**Dataset records:**
================
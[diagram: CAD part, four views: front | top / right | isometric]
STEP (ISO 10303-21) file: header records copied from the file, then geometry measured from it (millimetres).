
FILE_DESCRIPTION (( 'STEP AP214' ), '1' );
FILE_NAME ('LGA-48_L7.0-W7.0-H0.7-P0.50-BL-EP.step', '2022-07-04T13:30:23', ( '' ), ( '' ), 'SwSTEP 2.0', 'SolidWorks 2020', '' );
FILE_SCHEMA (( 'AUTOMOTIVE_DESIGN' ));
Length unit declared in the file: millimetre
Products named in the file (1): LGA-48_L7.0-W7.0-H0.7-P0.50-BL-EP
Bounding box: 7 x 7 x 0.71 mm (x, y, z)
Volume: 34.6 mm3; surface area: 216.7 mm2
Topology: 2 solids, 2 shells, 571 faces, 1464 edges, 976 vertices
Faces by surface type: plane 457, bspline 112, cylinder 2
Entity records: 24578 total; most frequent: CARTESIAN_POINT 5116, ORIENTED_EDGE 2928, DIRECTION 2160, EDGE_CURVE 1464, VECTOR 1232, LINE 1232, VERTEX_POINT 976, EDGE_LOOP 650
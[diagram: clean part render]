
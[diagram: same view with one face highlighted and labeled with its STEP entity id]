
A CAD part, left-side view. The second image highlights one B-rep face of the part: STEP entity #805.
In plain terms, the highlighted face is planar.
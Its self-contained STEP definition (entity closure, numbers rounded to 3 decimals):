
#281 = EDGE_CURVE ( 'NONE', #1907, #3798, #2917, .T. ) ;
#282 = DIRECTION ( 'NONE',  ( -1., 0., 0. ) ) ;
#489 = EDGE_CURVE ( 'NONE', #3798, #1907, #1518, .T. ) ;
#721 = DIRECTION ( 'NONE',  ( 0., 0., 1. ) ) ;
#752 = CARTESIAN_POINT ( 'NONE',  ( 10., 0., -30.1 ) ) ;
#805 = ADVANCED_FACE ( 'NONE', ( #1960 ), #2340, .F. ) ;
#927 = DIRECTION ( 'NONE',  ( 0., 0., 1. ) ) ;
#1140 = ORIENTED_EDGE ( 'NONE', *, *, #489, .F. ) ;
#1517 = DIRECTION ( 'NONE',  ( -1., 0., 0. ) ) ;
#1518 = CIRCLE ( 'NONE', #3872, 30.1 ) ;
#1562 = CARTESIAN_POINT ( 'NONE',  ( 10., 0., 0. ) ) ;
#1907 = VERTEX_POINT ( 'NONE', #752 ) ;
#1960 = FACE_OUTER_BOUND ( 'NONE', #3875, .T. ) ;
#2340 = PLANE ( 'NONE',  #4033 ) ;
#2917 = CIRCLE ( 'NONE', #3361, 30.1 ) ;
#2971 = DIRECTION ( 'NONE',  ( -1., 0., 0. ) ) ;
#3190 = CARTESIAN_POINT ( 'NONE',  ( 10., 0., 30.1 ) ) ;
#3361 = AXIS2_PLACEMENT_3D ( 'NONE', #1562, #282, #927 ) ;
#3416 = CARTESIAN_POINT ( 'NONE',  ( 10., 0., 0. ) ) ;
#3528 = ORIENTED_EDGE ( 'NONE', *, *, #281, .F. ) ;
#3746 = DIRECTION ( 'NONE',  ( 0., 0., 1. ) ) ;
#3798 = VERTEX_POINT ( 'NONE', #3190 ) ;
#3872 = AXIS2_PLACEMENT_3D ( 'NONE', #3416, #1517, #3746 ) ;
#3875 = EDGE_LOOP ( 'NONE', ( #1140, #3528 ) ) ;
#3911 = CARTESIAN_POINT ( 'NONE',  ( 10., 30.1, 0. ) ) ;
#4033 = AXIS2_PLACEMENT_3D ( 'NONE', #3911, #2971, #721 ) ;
================
**Task goal:** Starting with the first line of the entries, transcribe every line up to and including the one with "#2971 = DIRECTION".

**The completed task:**
[diagram: CAD part, four views: front | top / right | isometric]
STEP (ISO 10303-21) file: header records copied from the file, then geometry measured from it (millimetres).
FILE_DESCRIPTION (( 'STEP AP214' ), '1' );
FILE_NAME ('LGA-48_L7.0-W7.0-H0.7-P0.50-BL-EP.step', '2022-07-04T13:30:23', ( '' ), ( '' ), 'SwSTEP 2.0', 'SolidWorks 2020', '' );
FILE_SCHEMA (( 'AUTOMOTIVE_DESIGN' ));
Length unit declared in the file: millimetre
Products named in the file (1): LGA-48_L7.0-W7.0-H0.7-P0.50-BL-EP
Bounding box: 7 x 7 x 0.71 mm (x, y, z)
Volume: 34.6 mm3; surface area: 216.7 mm2
Topology: 2 solids, 2 shells, 571 faces, 1464 edges, 976 vertices
Faces by surface type: plane 457, bspline 112, cylinder 2
Entity records: 24578 total; most frequent: CARTESIAN_POINT 5116, ORIENTED_EDGE 2928, DIRECTION 2160, EDGE_CURVE 1464, VECTOR 1232, LINE 1232, VERTEX_POINT 976, EDGE_LOOP 650
[diagram: clean part render]
[diagram: same view with one face highlighted and labeled with its STEP entity id]
A CAD part, left-side view. The second image highlights one B-rep face of the part: STEP entity #805.
In plain terms, the highlighted face is planar.
Its self-contained STEP definition (entity closure, numbers rounded to 3 decimals):
#281 = EDGE_CURVE ( 'NONE', #1907, #3798, #2917, .T. ) ;
#282 = DIRECTION ( 'NONE',  ( -1., 0., 0. ) ) ;
#489 = EDGE_CURVE ( 'NONE', #3798, #1907, #1518, .T. ) ;
#721 = DIRECTION ( 'NONE',  ( 0., 0., 1. ) ) ;
#752 = CARTESIAN_POINT ( 'NONE',  ( 10., 0., -30.1 ) ) ;
#805 = ADVANCED_FACE ( 'NONE', ( #1960 ), #2340, .F. ) ;
#927 = DIRECTION ( 'NONE',  ( 0., 0., 1. ) ) ;
#1140 = ORIENTED_EDGE ( 'NONE', *, *, #489, .F. ) ;
#1517 = DIRECTION ( 'NONE',  ( -1., 0., 0. ) ) ;
#1518 = CIRCLE ( 'NONE', #3872, 30.1 ) ;
#1562 = CARTESIAN_POINT ( 'NONE',  ( 10., 0., 0. ) ) ;
#1907 = VERTEX_POINT ( 'NONE', #752 ) ;
#1960 = FACE_OUTER_BOUND ( 'NONE', #3875, .T. ) ;
#2340 = PLANE ( 'NONE',  #4033 ) ;
#2917 = CIRCLE ( 'NONE', #3361, 30.1 ) ;
#2971 = DIRECTION ( 'NONE',  ( -1., 0., 0. ) ) ;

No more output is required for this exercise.